THE BLOG

Karl's New War

10/24/2005 05:49 pm ET | Updated May 25, 2011

Imagine you’re Karl Rove. You’ve got a possible indictment hanging over your head, and the head of the Veep’s main guy, Scooter Libby, in the CIA agent name leak case. Your Capitol Hill roach-stomper, Tom DeLay, just had his mugshot taken following an indictment for laundering of campaign contributions from corporations. Your White House head of procurement, David Safavian, was recently taken away in handcuffs, accused of lying about government dealings with his old friend the lobbyist Jack Abramoff, another insider being investigated for, well, just about everything.

Oh—and you’ve got a boss with plummeting popularity ratings, and troublesome prospects in next year’s midterm congressional elections.

Whew! So being as you’re Karl Rove, you do what Karl is always inclined to do in these situations: create a distraction. A big one. Big enough to suck the metaphorical wind out of the press room.

What’s big enough to compete with such odoriferously spectacular sleaze news? Not much. Except maybe another war. In other words, Wag the Dog.Last Friday, I got a CNN “Breaking News” e-mail: President Bush calls for United Nations to convene after "deeply disturbing" report implicates Syrian officials in assassination.

Of course it’s deeply disturbing that Syria’s leadership should be behind the bomb that killed former Lebanese Prime Minister Rafik Hariri. But it’s hardly surprising, since Syria has for decades meddled in Lebanese politics, occupied the country, probably had a hand in past assassinations in a country where such things are all too common. It was more or less a given that Syria was behind the assassination, with help from Lebanese insiders. The report simply confirmed those suspicions.

But Bush’s UN call is not without specific purpose.
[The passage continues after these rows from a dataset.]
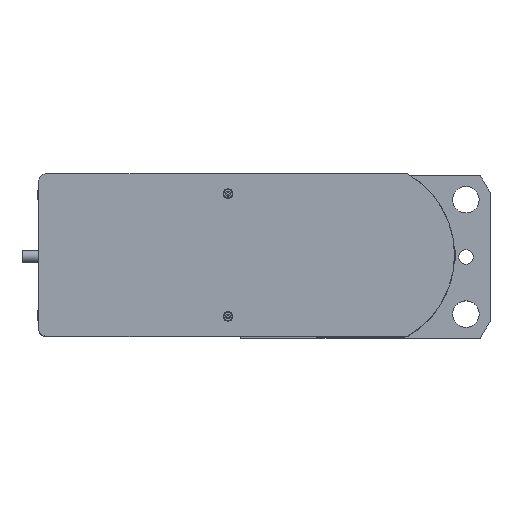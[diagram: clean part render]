
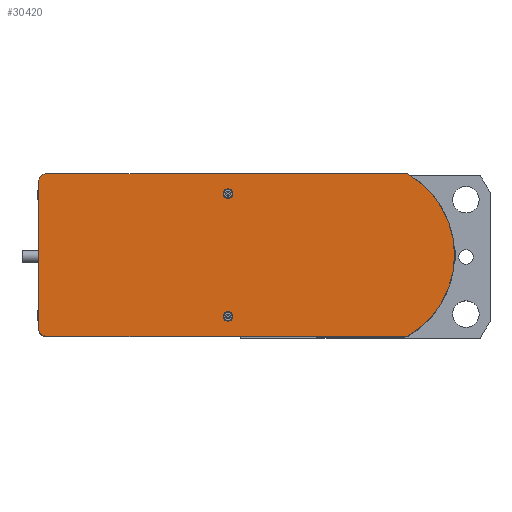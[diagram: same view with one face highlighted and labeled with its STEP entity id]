
A CAD part, top view. The second image highlights one B-rep face of the part: STEP entity #30420.
In plain terms, the highlighted planar face has unit normal (0, 0, 1).
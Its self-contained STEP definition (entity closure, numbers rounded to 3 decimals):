
#1620=FACE_BOUND('',#9474,.T.);
#1621=FACE_BOUND('',#9475,.T.);
#2878=LINE('',#53179,#5453);
#2881=LINE('',#53189,#5456);
#2884=LINE('',#53197,#5459);
#5453=VECTOR('',#37285,10.);
#5456=VECTOR('',#37296,10.);
#5459=VECTOR('',#37307,10.);
#7650=FACE_OUTER_BOUND('',#9473,.T.);
#9473=EDGE_LOOP('',(#22550,#22551,#22552,#22553,#22554,#22555));
#9474=EDGE_LOOP('',(#22556));
#9475=EDGE_LOOP('',(#22557));
#10552=CIRCLE('',#31596,4.);
#10554=CIRCLE('',#31607,4.);
#10932=CIRCLE('',#32522,78.);
#10933=CIRCLE('',#32525,6.6);
#10936=CIRCLE('',#32530,6.6);
#11685=VERTEX_POINT('',#42180);
#11699=VERTEX_POINT('',#42224);
#12852=VERTEX_POINT('',#53172);
#12853=VERTEX_POINT('',#53174);
#12854=VERTEX_POINT('',#53178);
#12855=VERTEX_POINT('',#53182);
#12857=VERTEX_POINT('',#53188);
#12858=VERTEX_POINT('',#53193);
#14540=EDGE_CURVE('',#11685,#11685,#10552,.T.);
#14561=EDGE_CURVE('',#11699,#11699,#10554,.T.);
#16315=EDGE_CURVE('',#12853,#12852,#10932,.T.);
#16317=EDGE_CURVE('',#12854,#12853,#2878,.T.);
#16319=EDGE_CURVE('',#12855,#12854,#10933,.T.);
#16322=EDGE_CURVE('',#12857,#12855,#2881,.T.);
#16325=EDGE_CURVE('',#12858,#12857,#10936,.T.);
#16327=EDGE_CURVE('',#12852,#12858,#2884,.T.);
#22550=ORIENTED_EDGE('',*,*,#16327,.T.);
#22551=ORIENTED_EDGE('',*,*,#16325,.T.);
#22552=ORIENTED_EDGE('',*,*,#16322,.T.);
#22553=ORIENTED_EDGE('',*,*,#16319,.T.);
#22554=ORIENTED_EDGE('',*,*,#16317,.T.);
#22555=ORIENTED_EDGE('',*,*,#16315,.T.);
#22556=ORIENTED_EDGE('',*,*,#14540,.T.);
#22557=ORIENTED_EDGE('',*,*,#14561,.T.);
#27473=PLANE('',#32532);
#30420=ADVANCED_FACE('',(#7650,#1620,#1621),#27473,.T.);
#31596=AXIS2_PLACEMENT_3D('',#42181,#34439,#34440);
#31607=AXIS2_PLACEMENT_3D('',#42225,#34480,#34481);
#32522=AXIS2_PLACEMENT_3D('',#53175,#37280,#37281);
#32525=AXIS2_PLACEMENT_3D('',#53183,#37289,#37290);
#32530=AXIS2_PLACEMENT_3D('',#53194,#37302,#37303);
#32532=AXIS2_PLACEMENT_3D('',#53198,#37308,#37309);
#34439=DIRECTION('center_axis',(0.,0.,
-1.));
#34440=DIRECTION('ref_axis',(-1.,0.,0.));
#34480=DIRECTION('center_axis',(0.,0.,
-1.));
#34481=DIRECTION('ref_axis',(-1.,0.,0.));
#37280=DIRECTION('center_axis',(0.,0.,
1.));
#37281=DIRECTION('ref_axis',(-0.865,-0.501,0.));
#37285=DIRECTION('',(0.,-1.,0.));
#37289=DIRECTION('center_axis',(0.,0.,
1.));
#37290=DIRECTION('ref_axis',(0.,1.,0.));
#37296=DIRECTION('',(-1.,0.,0.));
#37302=DIRECTION('center_axis',(0.,0.,
1.));
#37303=DIRECTION('ref_axis',(1.,0.,0.));
#37307=DIRECTION('',(0.,1.,0.));
#37308=DIRECTION('center_axis',(0.,0.,
1.));
#37309=DIRECTION('ref_axis',(0.,-1.,0.));
#42180=CARTESIAN_POINT('',(-47.,110.,917.));
#42181=CARTESIAN_POINT('Origin',(-51.,110.,917.));
#42224=CARTESIAN_POINT('',(55.,110.,917.));
#42225=CARTESIAN_POINT('Origin',(51.,110.,917.));
#53172=CARTESIAN_POINT('',(67.5,-39.086,917.));
#53174=CARTESIAN_POINT('',(-67.5,-39.086,917.));
#53175=CARTESIAN_POINT('Origin',(0.,0.,
917.));
#53178=CARTESIAN_POINT('',(-67.5,260.4,917.));
#53179=CARTESIAN_POINT('',(-67.5,260.4,917.));
#53182=CARTESIAN_POINT('',(-60.9,267.,917.));
#53183=CARTESIAN_POINT('Origin',(-60.9,260.4,917.));
#53188=CARTESIAN_POINT('',(60.9,267.,917.));
#53189=CARTESIAN_POINT('',(60.9,267.,917.));
#53193=CARTESIAN_POINT('',(67.5,260.4,917.));
#53194=CARTESIAN_POINT('Origin',(60.9,260.4,917.));
#53197=CARTESIAN_POINT('',(67.5,-39.086,917.));
#53198=CARTESIAN_POINT('Origin',(0.,110.654,
917.));
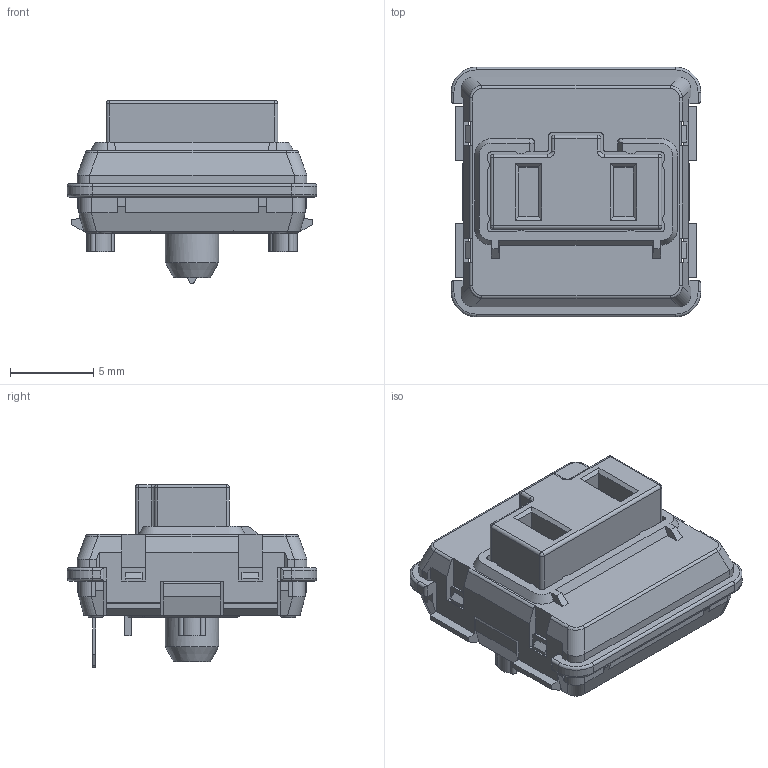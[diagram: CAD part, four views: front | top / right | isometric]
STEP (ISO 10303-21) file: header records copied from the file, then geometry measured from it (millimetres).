
FILE_DESCRIPTION(/* description */ (''),/* implementation_level */ '2;1');
FILE_NAME(/* name */ 'low-switches-no-keycap.step',/* time_stamp */ '2022-04-12T23:12:38+08:00',/* author */ (''),/* organization */ (''),/* preprocessor_version */ 'ST-DEVELOPER v18.1',/* originating_system */ 'Autodesk Translation Framework v10.14.0.1471',/* authorisation */ '');
FILE_SCHEMA (('AUTOMOTIVE_DESIGN { 1 0 10303 214 3 1 1 }'));
Length unit declared in the file: millimetre
Products named in the file (1): 矮轴-无键帽
Bounding box: 15 x 15 x 11 mm (x, y, z)
Volume: 937.6 mm3; surface area: 1530.9 mm2
Topology: 5 solids, 5 shells, 410 faces, 1099 edges, 695 vertices
Faces by surface type: plane 274, cylinder 87, bspline 24, torus 10, cone 9, sphere 6
Full cylindrical faces by diameter (mm): 3.2 x1
Entity records: 13477 total; most frequent: CARTESIAN_POINT 3183, ORIENTED_EDGE 2194, DIRECTION 2041, EDGE_CURVE 1097, LINE 859, VECTOR 859, VERTEX_POINT 695, AXIS2_PLACEMENT_3D 591

In fact, it’s likely part of a two-pronged argument that we’re about to hear: Syria is destabilizing the region at a crucial time, and providing safe haven to terrorists on their way into Iraq. Them’s fighting words, and before long, the media will be convulsed with a debate over yet another possible invasion. (And if you prefer threesomes, to Iraq and Syria, add Iran, about which we’re hearing more tough talk.)

It is highly doubtful that such an invasion will take place, especially given how stretched US military resources are, but it’s a sure bet that this represents the launching of a major political offensive.

That is, get everyone whipped up about the pros and cons of another invasion, including, especially, the costs, in dollars and lives. And, about the goals and appropriateness of the action. Almost by definition, news organizations must always place military issues and possible hostilities ahead of other matters. And the reality is that wars play better: it’s just too darned hard to explain to the public the intricacies of corruption cases – unless the corruption involves something we all get, like a blue dress that needs dry cleaning. Plus, resources, space and time are limited. So all of these creeping –gates, PlameGate, LobbyistGate, DonorGate, etc, can momentarily be shunted away to the inside pages where only the most hardy pay attention to them.

To be sure, an actual arrest and prosecution of someone of Rove’s ‘stature’ would lead the news. But don’t bet on it remaining the topic of conversation once a clarion call is sounded for America to again do its thing for global security. You and I may love to speculate about Scooter, and Karl, and their comrades, but the reality in middle America is far different. Last year, on a flight to Texas, I chatted with my seatmate, a seemingly well-informed software salesman, reasonably affluent, college-educated, moderate, who volunteered that he increasingly didn’t trust Bush. He saw me clutching a copy of the book, “Bush’s Brain,” about Rove. “Who,” he asked, “is that?”

If he and most Americans barely knew who Rove was then, imagine their interest in his fate, and those of even lesser visibility, as the drums of war sound again.